[Start of Attachment]

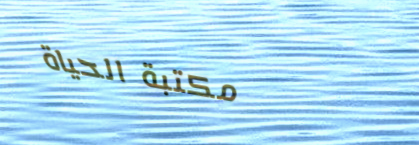
مكتبة الحياة
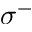
\sigma ^ { - }
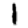
Digit: 1
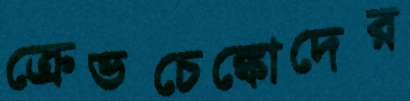
ক্রেভচেঙ্কোদের
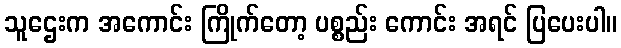
သူဌေးက အကောင်း ကြိုက်တော့ ပစ္စည်း ကောင်း အရင် ပြပေးပါ။
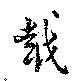
越
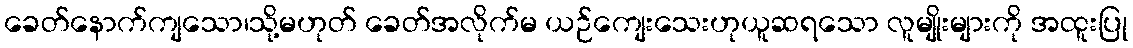
ခေတ်နောက်ကျသော၊သို့မဟုတ် ခေတ်အလိုက်မ ယဉ်ကျေးသေးဟုယူဆရသော လူမျိုးများကို အထူးပြု
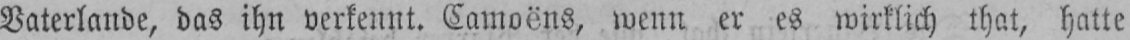
Vaterlande, das ihn verkennt. Camoëns, wenn er es wirklich that, hatte
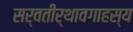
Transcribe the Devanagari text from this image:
सर्वतीर्थावगाहस्य
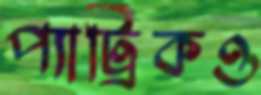
প্যাট্রিকও
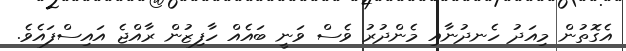
އެގޮތުން މިއަދު ހެނދުނާއި މެންދުރު ވެސް ވަނީ ބައެއް ހާފިޒުން ރާއްޖެ އައިސްފައެވެ.
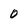
Character: 0
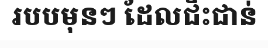
របបមុនៗ ដែលជិះជាន់
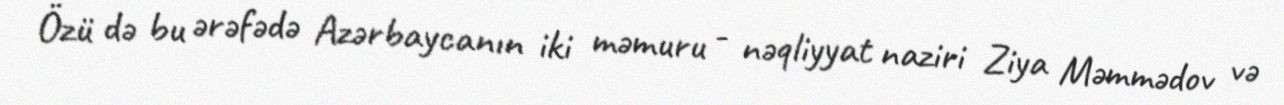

[End of Attachment]

> PROBLEM TO WORK ON
Where the material above includes pictures, omit them and retype everything else exactly.

> ANSWER TO THE EXERCISE
مكتبة الحياة
\sigma ^ { - }
Digit: 1
ক্রেভচেঙ্কোদের
သူဌေးက အကောင်း ကြိုက်တော့ ပစ္စည်း ကောင်း အရင် ပြပေးပါ။
越
ခေတ်နောက်ကျသော၊သို့မဟုတ် ခေတ်အလိုက်မ ယဉ်ကျေးသေးဟုယူဆရသော လူမျိုးများကို အထူးပြု
Vaterlande, das ihn verkennt. Camoëns, wenn er es wirklich that, hatte
Transcribe the Devanagari text from this image:
सर्वतीर्थावगाहस्य
প্যাট্রিকও
އެގޮތުން މިއަދު ހެނދުނާއި މެންދުރު ވެސް ވަނީ ބައެއް ހާފިޒުން ރާއްޖެ އައިސްފައެވެ.
Character: 0
របបមុនៗ ដែលជិះជាន់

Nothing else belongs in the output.